---------- DATA SECTION

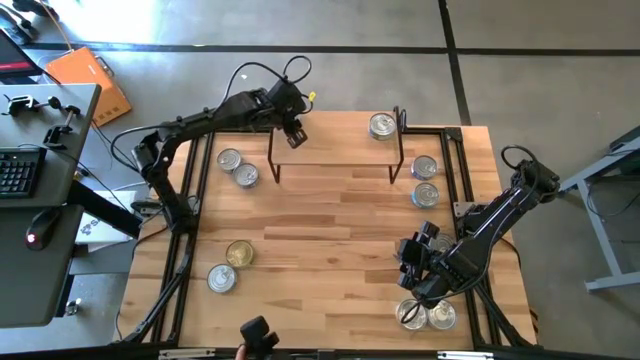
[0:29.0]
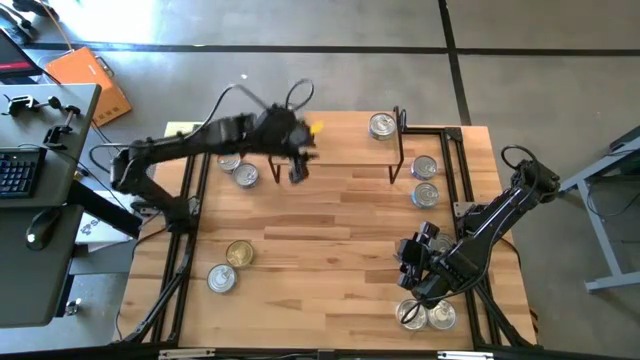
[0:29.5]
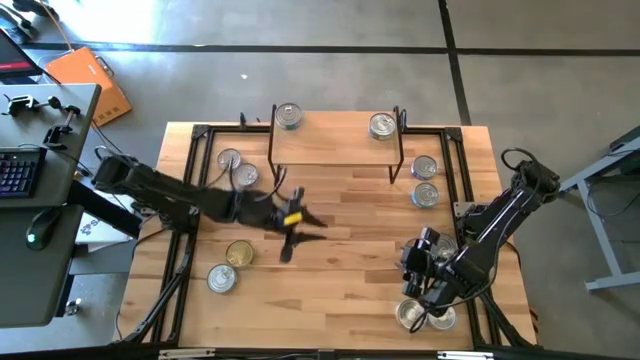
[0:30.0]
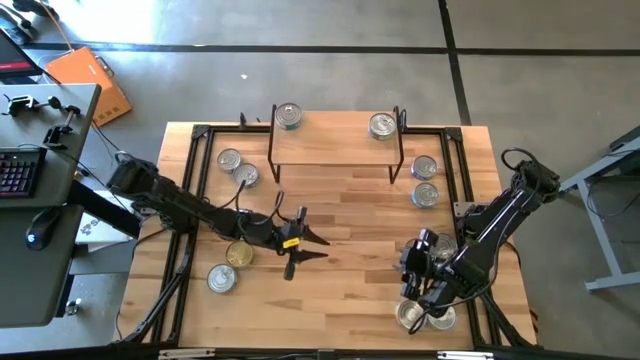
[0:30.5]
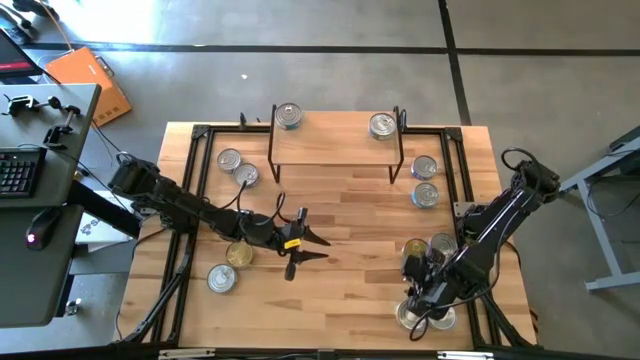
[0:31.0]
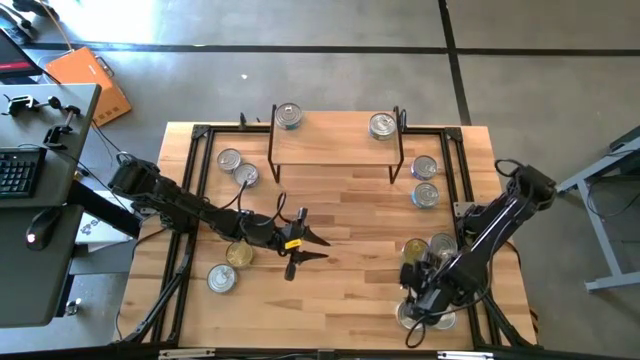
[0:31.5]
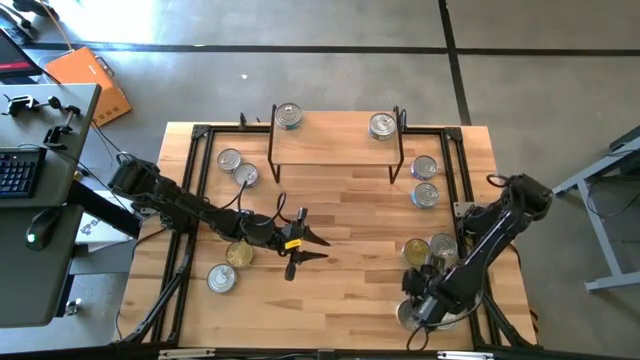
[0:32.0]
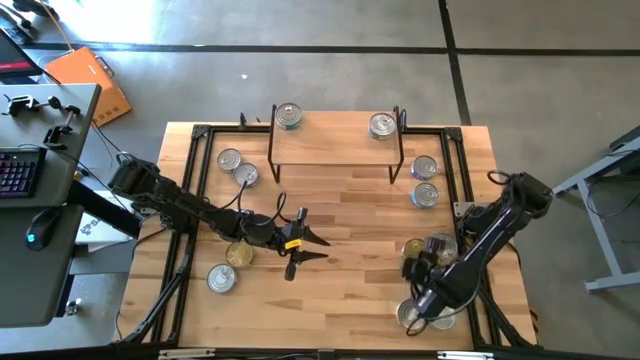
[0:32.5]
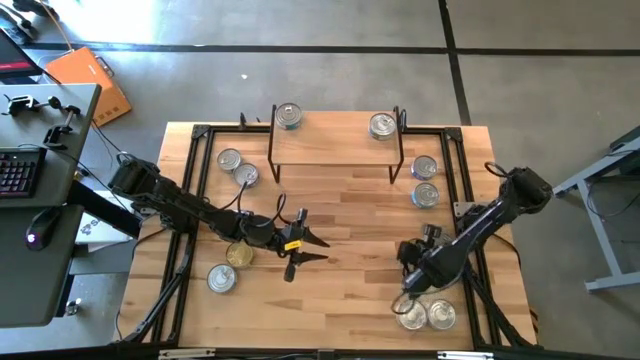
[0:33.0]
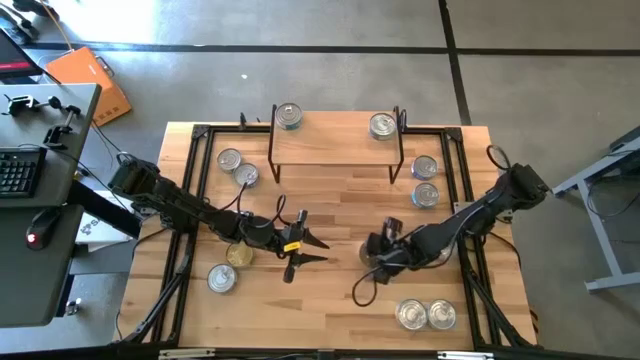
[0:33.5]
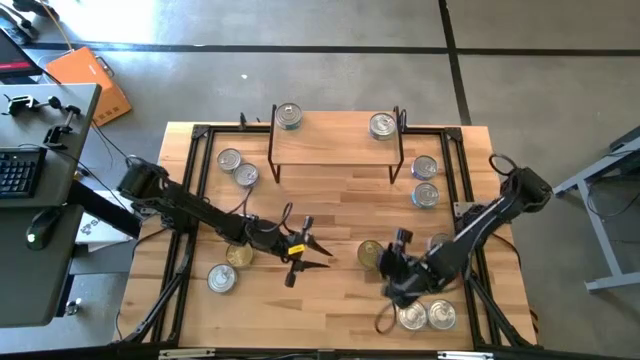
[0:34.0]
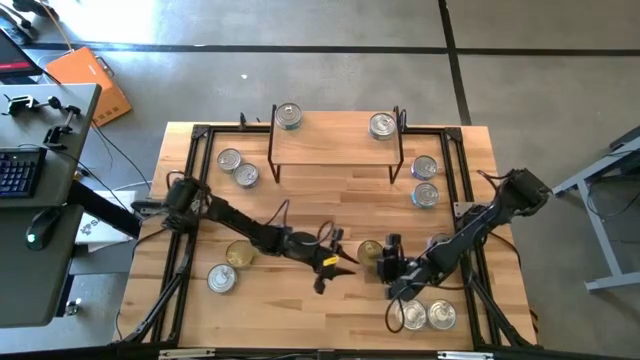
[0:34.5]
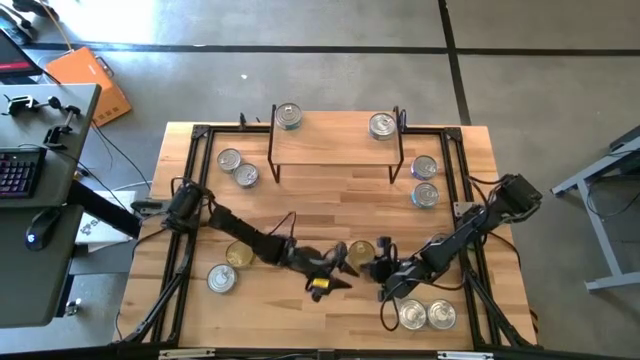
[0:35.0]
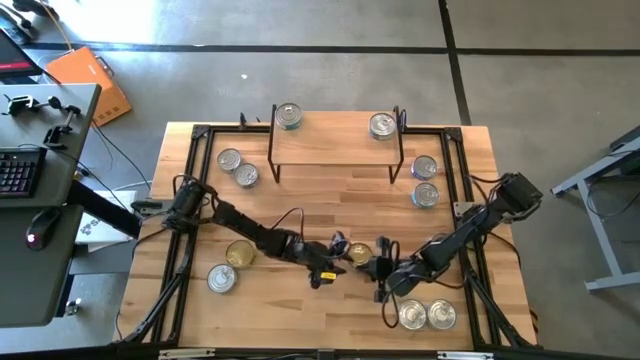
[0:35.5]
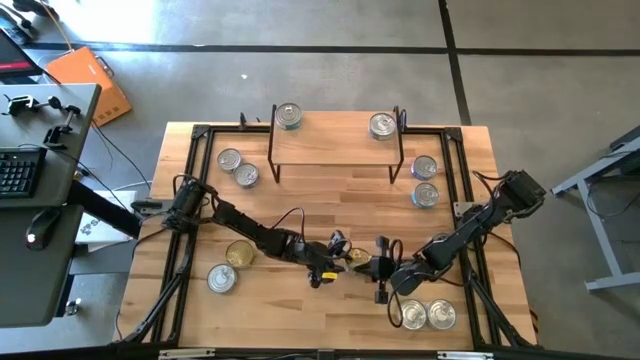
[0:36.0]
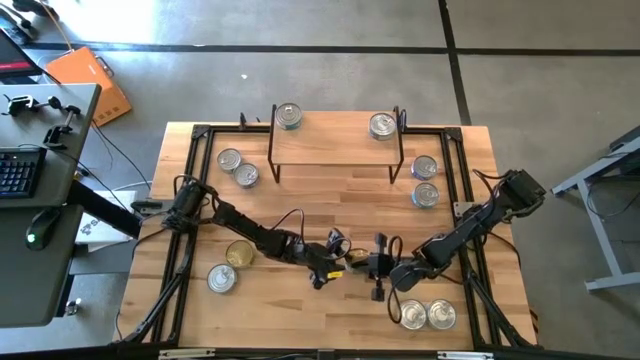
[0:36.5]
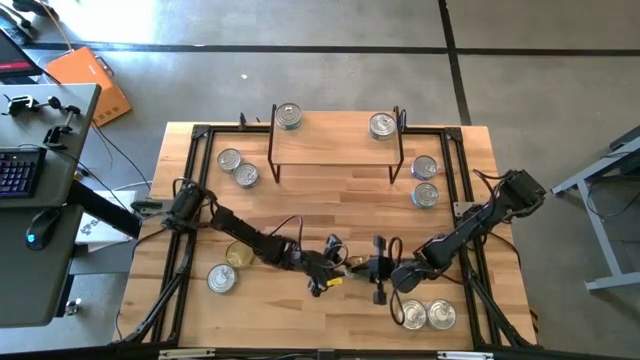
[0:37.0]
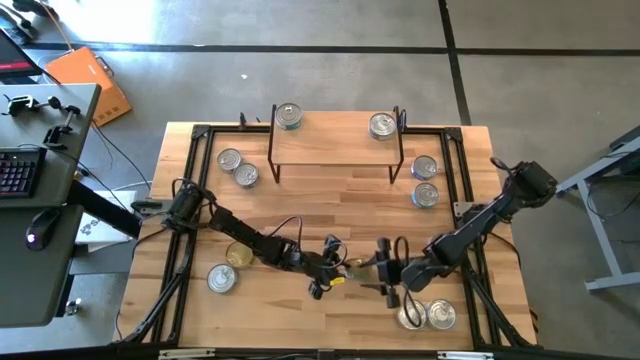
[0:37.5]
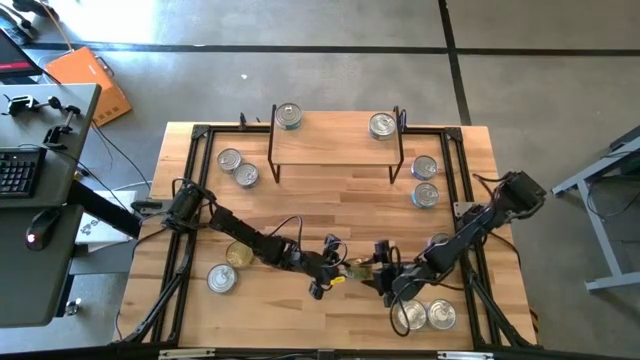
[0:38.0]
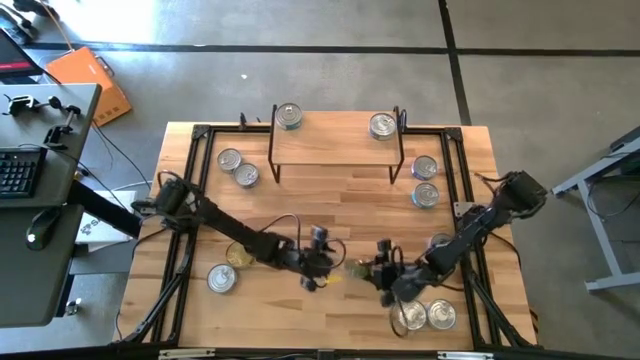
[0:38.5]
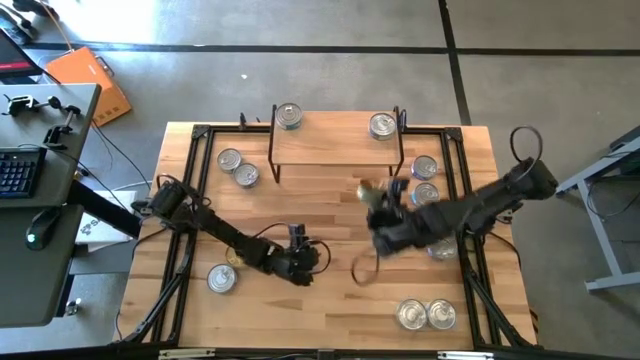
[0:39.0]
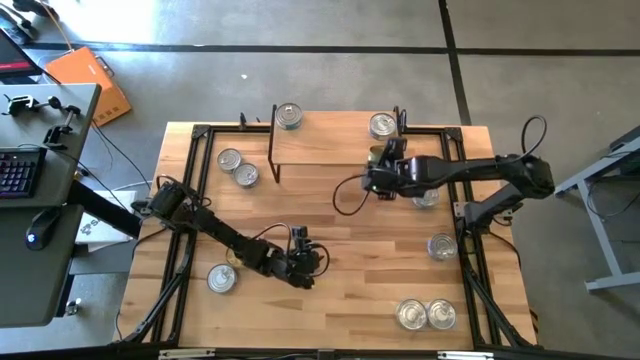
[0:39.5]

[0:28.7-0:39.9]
Task: Stack canned seafood by type on shelf
Put the green tuna can aligned with the other green tuna can on the shelf

--------------------

TASK BRIEF:
With images excluded, write the records above out again exactly.

RESULT OF THE EXERCISE:
[0:29.0]
[0:29.5]
[0:30.0]
[0:30.5]
[0:31.0]
[0:31.5]
[0:32.0]
[0:32.5]
[0:33.0]
[0:33.5]
[0:34.0]
[0:34.5]
[0:35.0]
[0:35.5]
[0:36.0]
[0:36.5]
[0:37.0]
[0:37.5]
[0:38.0]
[0:38.5]
[0:39.0]
[0:39.5]

[0:28.7-0:39.9]
Task: Stack canned seafood by type on shelf
Put the green tuna can aligned with the other green tuna can on the shelf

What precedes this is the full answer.